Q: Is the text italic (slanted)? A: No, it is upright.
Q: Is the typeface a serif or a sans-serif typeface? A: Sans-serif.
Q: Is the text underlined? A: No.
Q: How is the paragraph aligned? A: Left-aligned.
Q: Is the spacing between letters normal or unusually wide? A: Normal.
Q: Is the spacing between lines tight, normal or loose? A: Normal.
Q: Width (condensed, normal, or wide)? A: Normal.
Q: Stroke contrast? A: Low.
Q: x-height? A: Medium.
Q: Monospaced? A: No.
* * *
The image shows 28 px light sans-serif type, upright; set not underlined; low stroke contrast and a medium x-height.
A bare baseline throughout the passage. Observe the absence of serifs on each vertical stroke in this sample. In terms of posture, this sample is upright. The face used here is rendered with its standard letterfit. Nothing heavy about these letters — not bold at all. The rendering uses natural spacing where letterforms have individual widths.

### EXERCISE DESCRIPTION
Look above for the line with "Q: Is the text italic" and the line with "Q: Monospaced? A: No."; transcribe both and all lines in between, exactly, and nothing else.

### OUTPUT BELOW
Q: Is the text italic (slanted)? A: No, it is upright.
Q: Is the typeface a serif or a sans-serif typeface? A: Sans-serif.
Q: Is the text underlined? A: No.
Q: How is the paragraph aligned? A: Left-aligned.
Q: Is the spacing between letters normal or unusually wide? A: Normal.
Q: Is the spacing between lines tight, normal or loose? A: Normal.
Q: Width (condensed, normal, or wide)? A: Normal.
Q: Stroke contrast? A: Low.
Q: x-height? A: Medium.
Q: Monospaced? A: No.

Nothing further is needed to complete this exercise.